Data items
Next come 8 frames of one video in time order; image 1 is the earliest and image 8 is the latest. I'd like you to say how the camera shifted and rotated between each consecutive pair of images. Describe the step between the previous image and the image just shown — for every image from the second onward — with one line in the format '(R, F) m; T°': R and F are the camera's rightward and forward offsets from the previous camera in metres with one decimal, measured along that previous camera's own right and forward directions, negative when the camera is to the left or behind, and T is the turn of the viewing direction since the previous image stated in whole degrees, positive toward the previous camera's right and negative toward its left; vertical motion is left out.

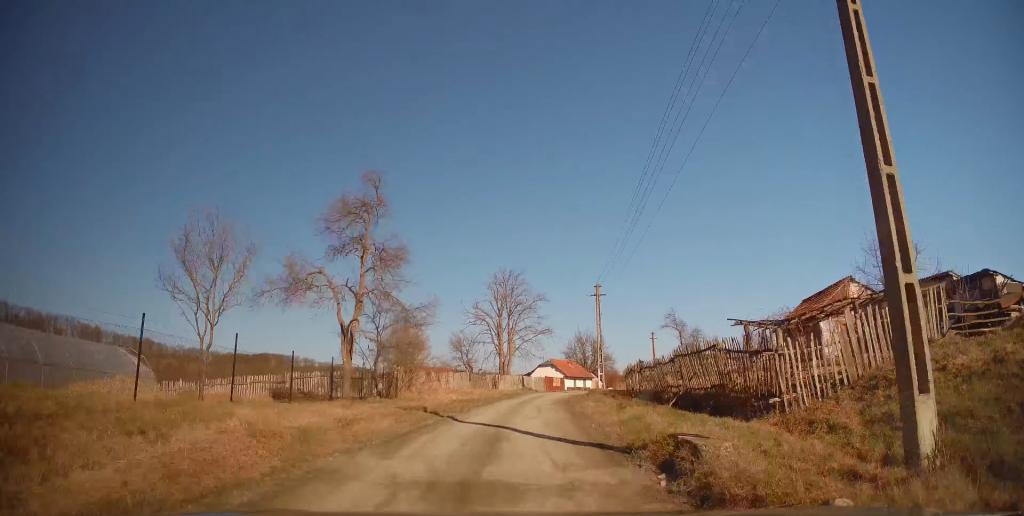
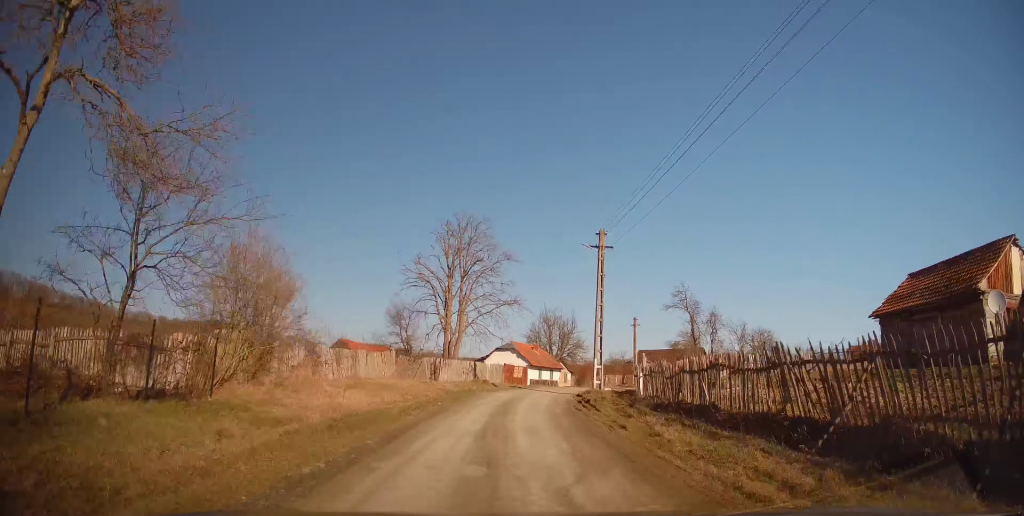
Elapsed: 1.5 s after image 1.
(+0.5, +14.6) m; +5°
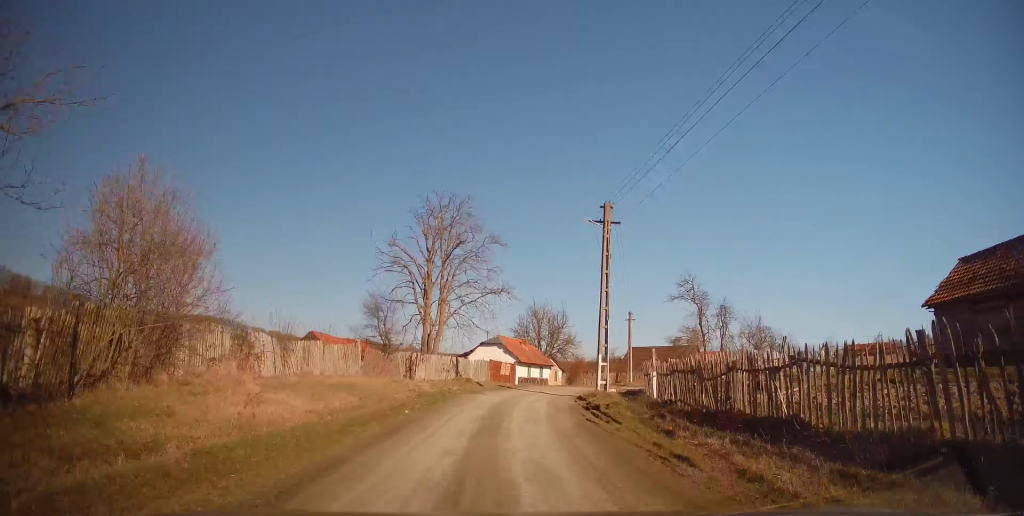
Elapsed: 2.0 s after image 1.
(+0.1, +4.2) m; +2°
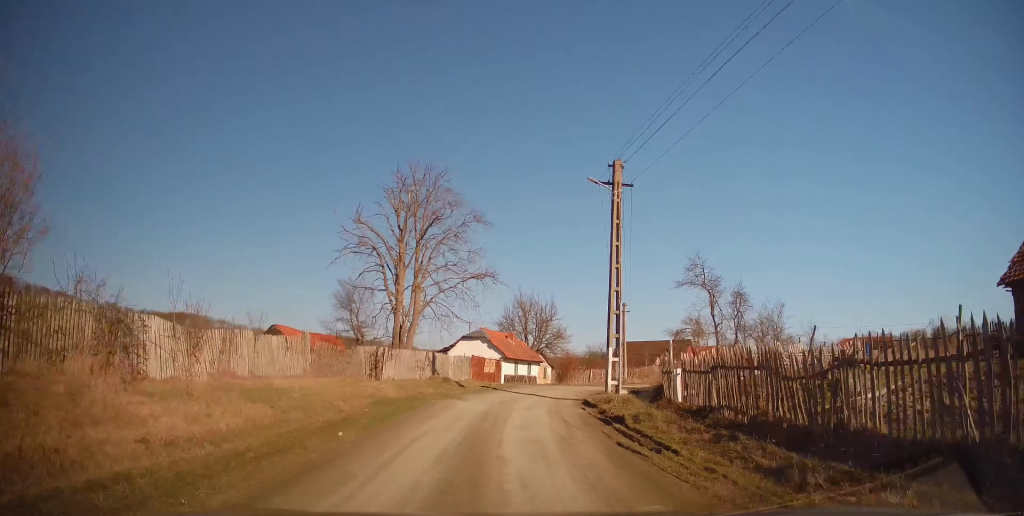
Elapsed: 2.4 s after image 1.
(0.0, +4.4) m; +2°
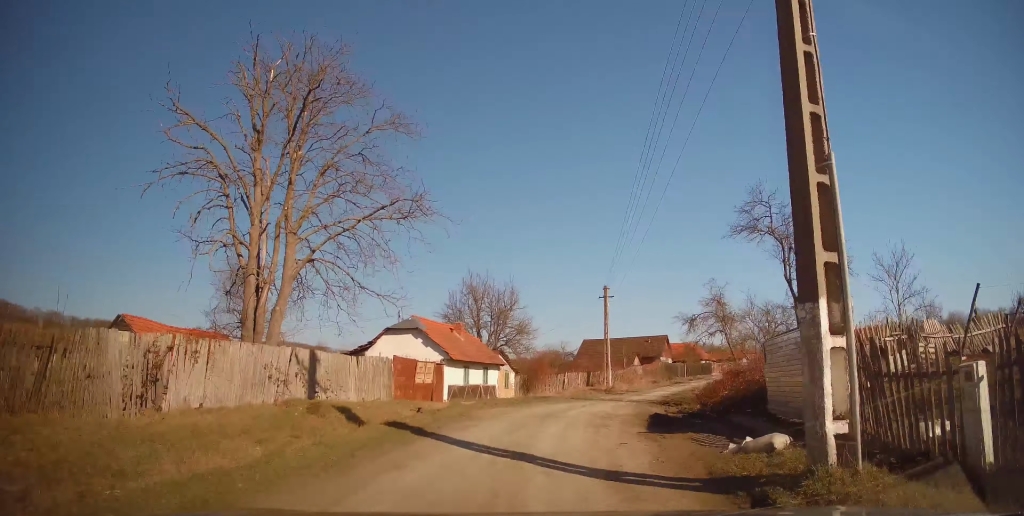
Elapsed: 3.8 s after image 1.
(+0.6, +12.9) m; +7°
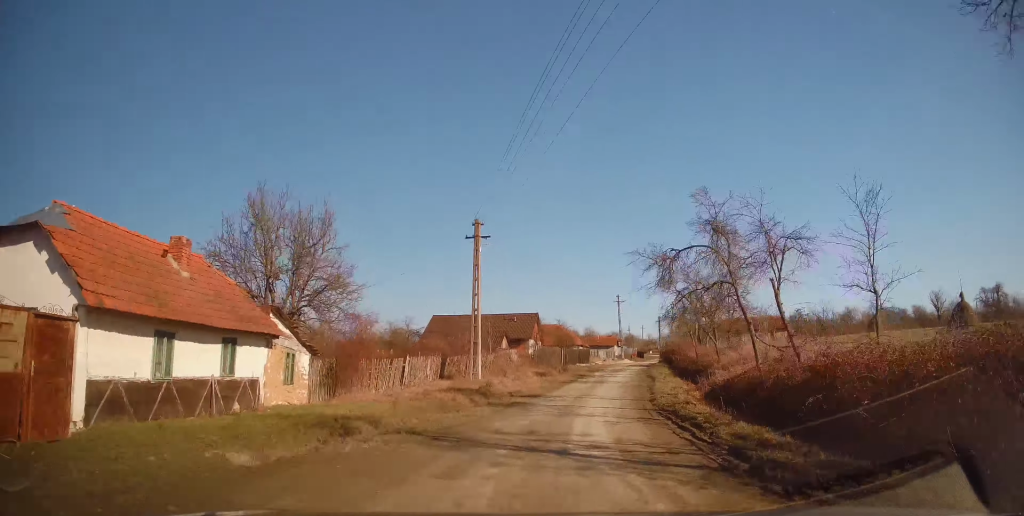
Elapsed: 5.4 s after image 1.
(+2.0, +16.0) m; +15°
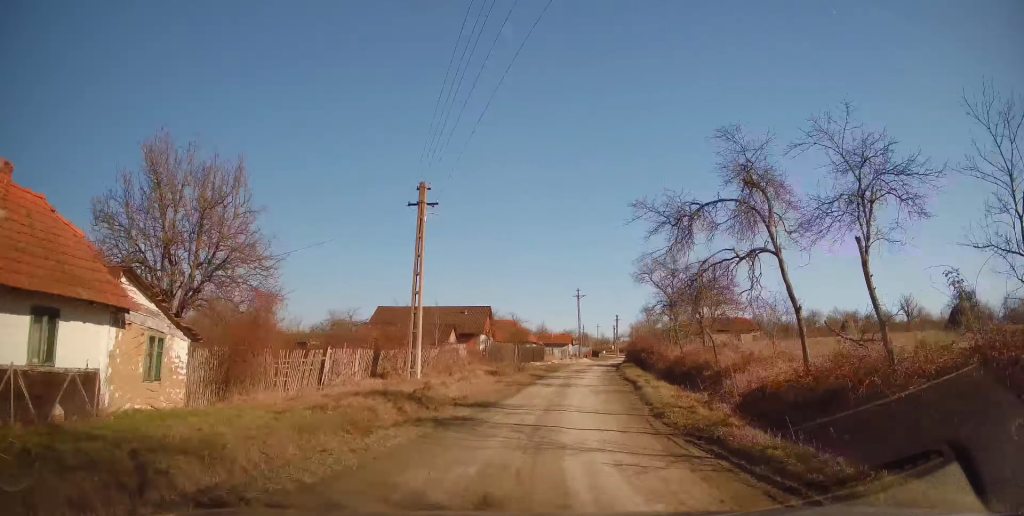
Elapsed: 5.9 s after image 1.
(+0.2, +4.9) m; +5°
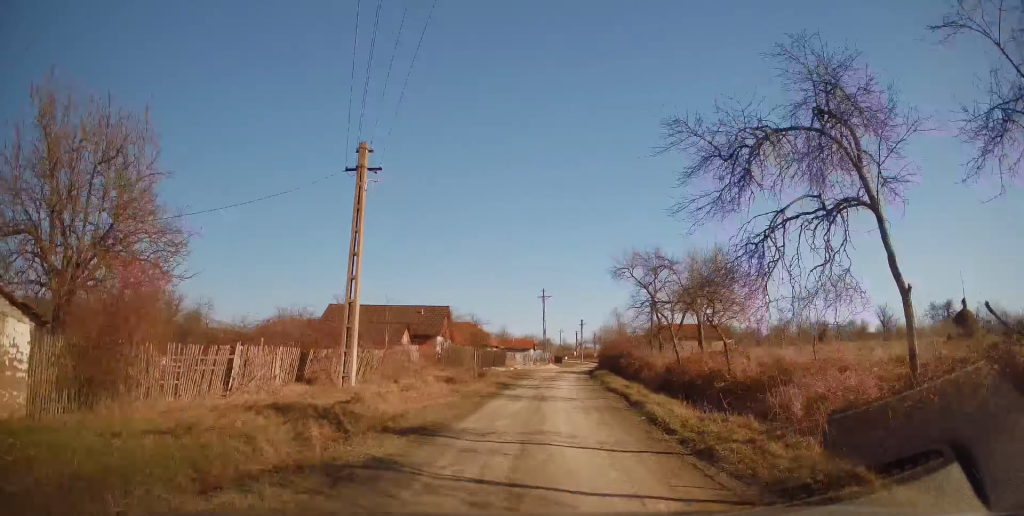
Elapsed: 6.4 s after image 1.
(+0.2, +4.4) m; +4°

TASK GOAL
Please set down only the lines from the one containing "Elapsed: 5.4 s after image 1." through the end of the entries, exactly as they stand, both ends included and with no pictures.

ANSWER FOR THIS EXERCISE
Elapsed: 5.4 s after image 1.
(+2.0, +16.0) m; +15°
Elapsed: 5.9 s after image 1.
(+0.2, +4.9) m; +5°
Elapsed: 6.4 s after image 1.
(+0.2, +4.4) m; +4°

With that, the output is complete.